In accordance with ASC 470-20, "Debt with Conversion and Other Options", the
Company recognized the intrinsic value of the embedded beneficial conversion
feature of $32,500 and an equivalent discount which will be charged to
operations over the term of the convertible note. During the period ended July
31, 2014, the Company had amortized $32,500 (2013 - $nil) of the debt discount
to interest expense. As at July 31, 2014, the carrying value of the debenture
was $nil (January 31, 2014 - $32,500).
10
INDEPENDENCE ENERGY CORP.
Notes to the Condensed Financial Statements
(expressed in U.S. dollars)
(unaudited)
6. LOAN PAYABLE
a) As of October 31, 2014, the Company had loan payable of $156,697 (January 31,
2014 - $156,697) owing to an unrelated third party. The amount owing is
non-interest bearing, unsecured and due on demand.

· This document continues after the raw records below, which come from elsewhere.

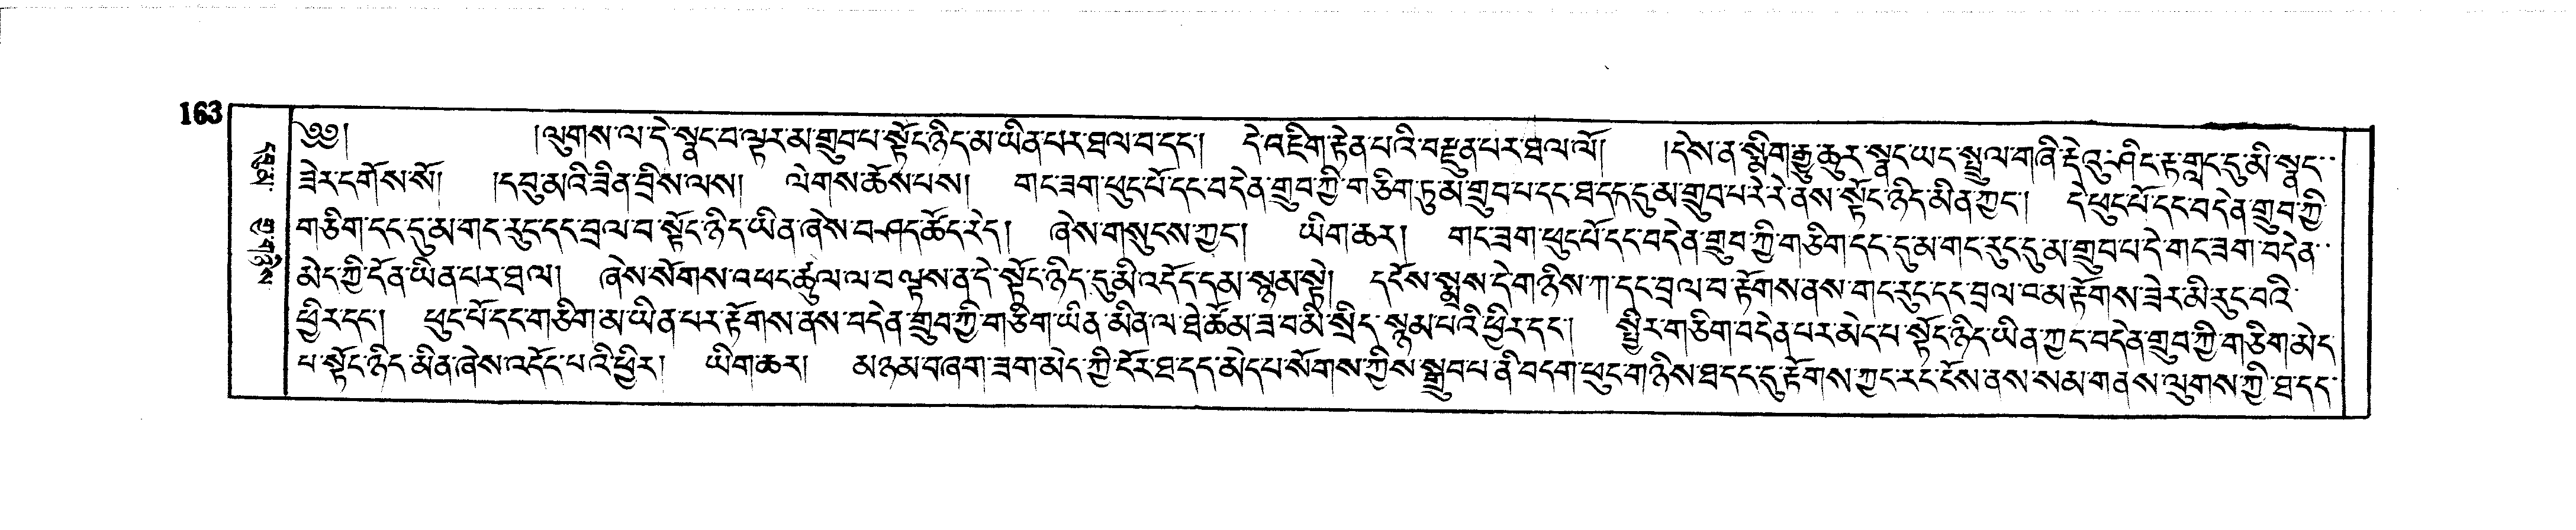༄༅། །ལུགས་ལ་དེ་སྣང་བ་ལྟར་མ་གྲུབ་པ་སྟོང་ཉིད་མ་ཡིན་པར་ཐལ་བ་དང་། དེ་འཇིག་རྟེན་པའི་བརྫུན་པར་ཐལ་ལོ། །དེས་ན་སྨིག་རྒྱུ་ཆུར་སྣང་ཡང་སྤྲུལ་གཞི་རྡེའུ་ཤིང་རྟ་གླང་དུ་མི་སྣང་
ཟེར་དགོས་སོ། །དབུ་མའི་ཟིན་བྲིས་ལས། ལེགས་ཆོས་པས། གང་ཟག་ཕུང་པོ་དང་བདེན་གྲུབ་ཀྱི་གཅིག་ཏུ་མ་གྲུབ་པ་དང་ཐ་དད་དུ་མ་གྲུབ་པ་རེ་རེ་ནས་སྟོང་ཉིད་མིན་ཀྱང་། དེ་ཕུང་པོ་དང་བདེན་གྲུབ་ཀྱི་
གཅིག་དང་དུ་མ་གང་རུང་དང་བྲལ་བ་སྟོང་ཉིད་ཡིན་ཞེས་བཤད་ཚོད་རེད། ཞེས་གསུངས་ཀྱང་། ཡིག་ཆར། གང་ཟག་ཕུང་པོ་དང་བདེན་གྲུབ་ཀྱི་གཅིག་དང་དུ་མ་གང་རུང་དུ་མ་གྲུབ་པ་དེ་གང་ཟག་བདེན་
མེད་ཀྱི་དོན་ཡིན་པར་ཐལ། ཞེས་སོགས་འཕང་ཚུལ་ལ་བལྟས་ན་དེ་སྟོང་ཉིད་དུ་མི་འདོད་དམ་སྙམ་སྟེ། དངོས་སྨྲས་དེ་གཉིས་ཀ་དང་བྲལ་བ་རྟོགས་ནས་གང་རུང་དང་བྲལ་བ་མ་རྟོགས་ཟེར་མི་རུང་བའི་
ཕྱིར་དང་། ཕུང་པོ་དང་གཅིག་མ་ཡིན་པར་རྟོགས་ནས་བདེན་གྲུབ་ཀྱི་གཅིག་ཡིན་མིན་ལ་ཐེ་ཚོམ་ཟ་བ་མི་སྲིད་སྙམ་པའི་ཕྱིར་དང་། སྤྱིར་གཅིག་བདེན་པར་མེད་པ་སྟོང་ཉིད་ཡིན་ཀྱང་བདེན་གྲུབ་ཀྱི་གཅིག་མེད་
པ་སྟོང་ཉིད་མིན་ཞེས་འདོད་པའི་ཕྱིར། ཡིག་ཆར། མཉམ་བཞག་ཟག་མེད་ཀྱི་ངོར་ཐ་དད་མེད་པ་སོགས་ཀྱིས་སྒྲུབ་པ་ནི་བདག་ཕུང་གཉིས་ཐ་དད་དུ་རྟོགས་ཀྱང་རང་ངོས་ནས་སམ་གནས་ལུགས་ཀྱི་ཐ་དད་

b) On August 5, 2014, the Company received a $15,100 loan from shareholders of
the Company pursuant to a promissory note. The loan bears interest of 7% per
annum, is unsecured, and due on demand.
7. RELATED PARTY TRANSACTIONS
a) During the period ended October 31, 2014, the Company incurred $22,500 (2013
- $22,500) to a director of the Company for management and consulting services.

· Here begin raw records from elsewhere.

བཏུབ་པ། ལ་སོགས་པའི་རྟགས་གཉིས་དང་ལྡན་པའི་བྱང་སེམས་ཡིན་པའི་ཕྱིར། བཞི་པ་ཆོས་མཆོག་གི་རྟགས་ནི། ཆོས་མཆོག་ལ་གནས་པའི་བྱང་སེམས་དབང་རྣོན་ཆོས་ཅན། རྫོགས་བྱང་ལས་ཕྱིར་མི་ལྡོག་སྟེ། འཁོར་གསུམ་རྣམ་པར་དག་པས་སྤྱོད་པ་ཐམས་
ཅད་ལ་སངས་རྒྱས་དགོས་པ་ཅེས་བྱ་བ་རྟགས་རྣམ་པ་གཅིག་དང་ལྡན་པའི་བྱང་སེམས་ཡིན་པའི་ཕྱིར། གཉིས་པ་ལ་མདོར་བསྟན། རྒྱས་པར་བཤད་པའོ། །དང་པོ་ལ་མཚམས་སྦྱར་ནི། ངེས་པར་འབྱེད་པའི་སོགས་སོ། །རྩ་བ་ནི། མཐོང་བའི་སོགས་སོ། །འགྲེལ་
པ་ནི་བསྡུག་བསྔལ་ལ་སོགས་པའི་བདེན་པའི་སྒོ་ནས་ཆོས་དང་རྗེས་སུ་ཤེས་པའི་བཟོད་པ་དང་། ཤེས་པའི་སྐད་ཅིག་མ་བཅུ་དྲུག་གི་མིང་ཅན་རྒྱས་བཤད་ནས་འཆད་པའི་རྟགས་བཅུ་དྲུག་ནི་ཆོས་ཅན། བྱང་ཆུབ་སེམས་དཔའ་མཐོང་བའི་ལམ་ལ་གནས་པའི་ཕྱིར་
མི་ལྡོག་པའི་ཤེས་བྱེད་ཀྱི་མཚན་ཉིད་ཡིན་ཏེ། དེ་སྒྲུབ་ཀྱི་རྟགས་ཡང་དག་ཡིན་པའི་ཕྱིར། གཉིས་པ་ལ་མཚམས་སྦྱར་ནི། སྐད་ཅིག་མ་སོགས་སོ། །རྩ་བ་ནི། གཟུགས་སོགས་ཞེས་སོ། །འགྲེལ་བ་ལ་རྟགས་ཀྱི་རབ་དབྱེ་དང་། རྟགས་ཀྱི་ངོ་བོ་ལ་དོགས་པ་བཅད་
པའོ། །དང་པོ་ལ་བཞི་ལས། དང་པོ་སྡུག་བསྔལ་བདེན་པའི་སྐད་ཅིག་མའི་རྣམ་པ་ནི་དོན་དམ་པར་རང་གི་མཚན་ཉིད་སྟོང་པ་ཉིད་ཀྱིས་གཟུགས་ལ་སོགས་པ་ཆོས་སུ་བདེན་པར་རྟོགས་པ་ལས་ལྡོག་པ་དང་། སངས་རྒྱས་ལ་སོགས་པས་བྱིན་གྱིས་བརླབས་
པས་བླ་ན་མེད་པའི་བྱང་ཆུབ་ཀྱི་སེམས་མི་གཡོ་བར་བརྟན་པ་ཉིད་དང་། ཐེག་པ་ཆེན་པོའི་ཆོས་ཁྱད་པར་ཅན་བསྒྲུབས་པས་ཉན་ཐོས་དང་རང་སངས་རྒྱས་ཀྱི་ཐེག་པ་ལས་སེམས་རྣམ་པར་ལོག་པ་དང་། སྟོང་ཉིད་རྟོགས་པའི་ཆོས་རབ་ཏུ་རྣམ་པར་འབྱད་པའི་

As of October 31, 2014, the Company had $nil (January 31, 2014 - $3,100) in
prepaid expense for management fees paid and owed $41,851 (January 31, 2014 -
$nil) to the President of the Company.
b) During the period ended October 31, 2014, the Company incurred $30,000 (2013
- $nil) to the CEO of the Company for consulting services. As of October 31,
2014, the Company owed $50,000 (January 31, 2014 - $nil) to the CEO of the
Company.
c) On August 5, 2014, the Company received a $15,100 loan from shareholders of
the Company pursuant to a promissory note. The loan bears interest of 7% per
annum, is unsecured, and due on demand.
8. DISCONTINUED OPERATIONS
On June 23, 2014, the Company impaired its oil and gas properties and re-focused
its business to the medical products distribution. As a result, the Company's
impairment of its oil and gas properties and change in direction for the
Company's business, all expenses related to the oil and gas operations have been
classified as discontinued operations.
The results of discontinued operations are summarized as follows:
Three Months Three Months Nine Months Nine Months
Ended Ended Ended Ended
October 31, October 31, October 31, October 31,
2014 2013 2014 2013
-------- -------- -------- --------
$ $ $ $
Operating Expenses
Impairment of oil and gas property -- -- 147,739 --
-------- -------- -------- --------
Total Operating Expenses -- -- 147,739 --
-------- -------- -------- --------
Net Loss From Discontinued Operations -- -- (147,739) --
======== ======== ======== ========
|
9. SUBSEQUENT EVENTS
We have evaluated subsequent events through the date of issuance of the
financial statements, and did not have any material recognizable subsequent
events after October 31, 2014, excepting the following:
On November 12, 2014, the Company entered into a securities purchase agreement
with two accredited investors. Under the terms of the agreement, the Company
issued 14,905,918 common shares and warrants to purchase up to 7,452,959 common
shares for consideration of $50,000. The warrants entitle the holder to purchase
common shares of the Company at an exercise price of $0.005 per share for a
period of two years from the date of issuance.